(pb; 1972: YA horror anthology)
From the back cover:
"Lock your doors and bar your windows against THINGS you'd rather not see or hear. Turn down all the lights except the one you need to read by. Then, let your mind drift back to other lands, other times, when terrors rose with the moon and unspeakable monsters stalked the land.
"Thirty tales resurrected from the mouldering vaults of horror, from the crypts of fear, to send old-fashioned chills down your spine."
Review:
Good primer for young readers new to horror writing. For the experienced horror aficionado, it's a worthwhile -- if simplified, tell-don't-show -- read.

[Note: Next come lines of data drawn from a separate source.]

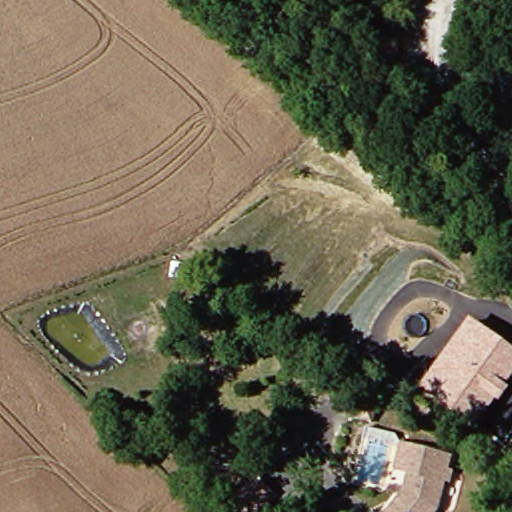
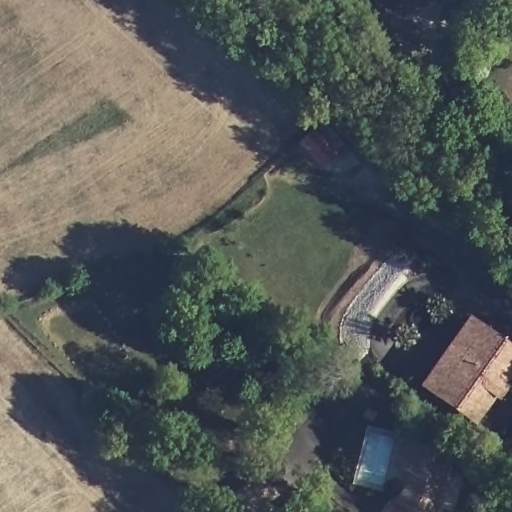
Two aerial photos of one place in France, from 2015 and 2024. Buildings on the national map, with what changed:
unchanged [(512,373),(476,427),(418,386),(467,318),(512,347),(512,373)]
unchanged [(388,512),(406,492),(409,475),(395,472),(402,446),(415,449),(435,454),(451,458),(449,466),(440,511),(440,512),(388,512)]
unchanged [(249,512),(244,506),(276,483),(289,501),(275,512),(249,512)]

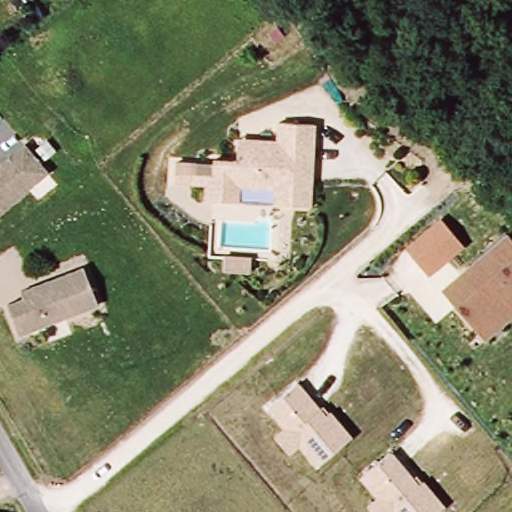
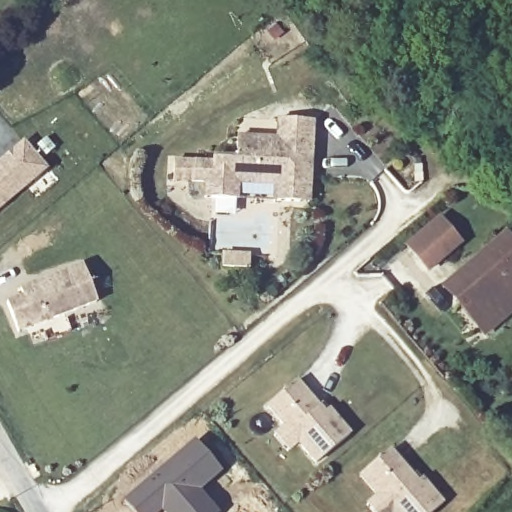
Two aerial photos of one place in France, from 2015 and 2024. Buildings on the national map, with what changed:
unchanged [(236,197),(236,196),(205,194),(206,178),(194,177),(174,176),(175,157),(195,158),(212,160),(213,154),(236,155),(237,139),(237,134),(277,137),(278,117),(313,119),(312,141),(311,155),(310,172),(308,201),(299,200),(273,198),(273,199),(236,197)]
unchanged [(48,143),(56,153),(45,162),(37,152),(48,143)]
unchanged [(25,147),(45,173),(0,209),(0,167),(25,147)]
new [(439,216),(462,244),(427,273),(403,246),(439,216)]
unchanged [(503,231),(512,241),(512,313),(482,337),(438,285),(503,231)]
unchanged [(11,311),(28,305),(25,298),(88,275),(101,313),(22,341),(11,311)]
unchanged [(267,405),(295,382),(322,413),(327,408),(347,434),(317,461),(267,405)]
new [(191,442),(221,473),(201,491),(223,511),(222,512),(163,512),(162,512),(133,512),(123,500),(191,442)]
unchanged [(390,452),(415,482),(420,477),(442,504),(431,512),(392,512),(361,474),(390,452)]

All of the thirty stories contained in this short anthology -- which are little more than morality tales with a minimum of gothic window-dressing -- are über-short, told-in-broad-strokes pieces. Hurwood used this tell-don't-show approach in a few of the stories in another, less generic (non-YA) anthology, Monsters Galore. This style of tell-don't-show writing is interesting in a dry, intellectual way, but probably won't engage readers used to fuller, more descriptive terror tales.

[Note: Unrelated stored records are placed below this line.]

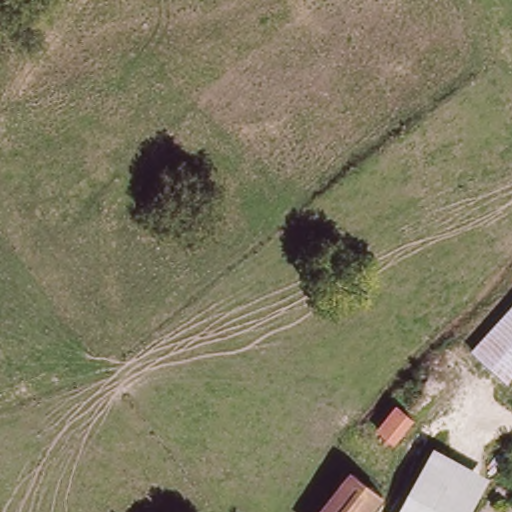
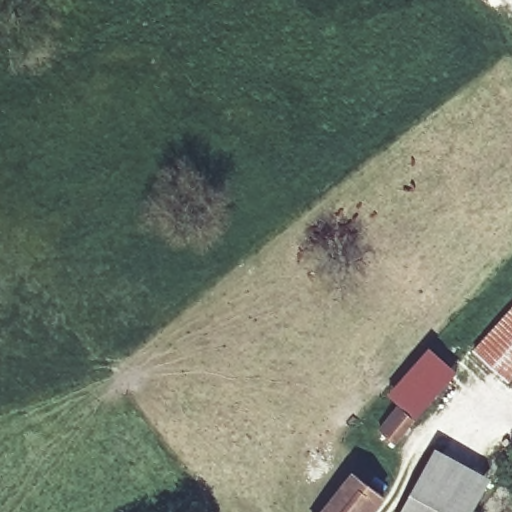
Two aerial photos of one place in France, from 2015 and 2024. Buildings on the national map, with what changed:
unchanged [(512,321),(512,387),(509,390),(476,360),(512,321)]
new [(395,443),(378,429),(399,404),(388,395),(430,347),(456,371),(414,420),(395,443)]
demolished [(388,435),(371,421),(391,398),(407,412),(388,435)]
unchanged [(472,512),(400,512),(435,448),(490,477),(472,512)]
unchanged [(328,512),(357,480),(384,504),(378,512),(328,512)]

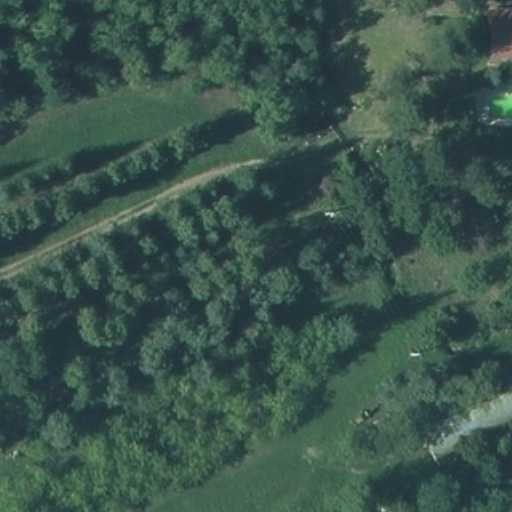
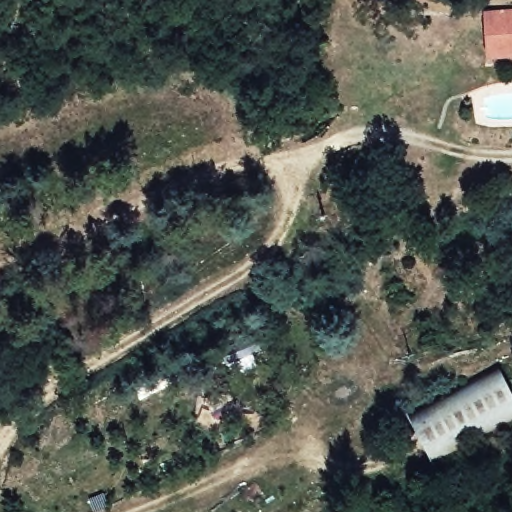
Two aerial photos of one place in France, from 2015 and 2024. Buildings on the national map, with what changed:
demolished [(512,10),(512,56),(488,57),(486,12),(512,10)]
new [(492,14),(512,12),(512,50),(495,51),(492,14)]
new [(512,385),(512,420),(438,468),(413,426),(504,370),(512,385)]
demolished [(412,420),(509,371),(512,377),(512,421),(433,458),(412,420)]

One of the stories in Vampires, Werewolves & Other Demons also appeared in Monsters Galore, namely: "The Vampire at the Inn" (which was listed in Monsters as "The Corpse at the Inn" and credited to Pu Sung Ling and, again, adapted by Hurwood).
Monster's "The Purple Terror" (by Fred M. White) gets a genericized, character-less, less-story-oriented retelling as "The Vampire Plant" in Vampires; Monster's "The Vampire Cat of Nabeshima" gets the same treatment in Vampires, listed there as "The Demon Cat". Hurwood wisely simplified these last two tales for a younger audience, though the genericized versions aren't nearly as interesting as the character-based longer versions in Monsters.
My favorite stories in Vampires: "The Curious Vampires of Bohemia and Moravia"; "The Wine Demon"; "The Two Corpses"; "The Beautiful Mara"; "The Last Meal of Igor Malikov" "The Were-Tiger of Slim"; "The Return of the Werewolf"; and "The Lonely Man and the Fox Princess".
Good anthological offering, this. Check it out.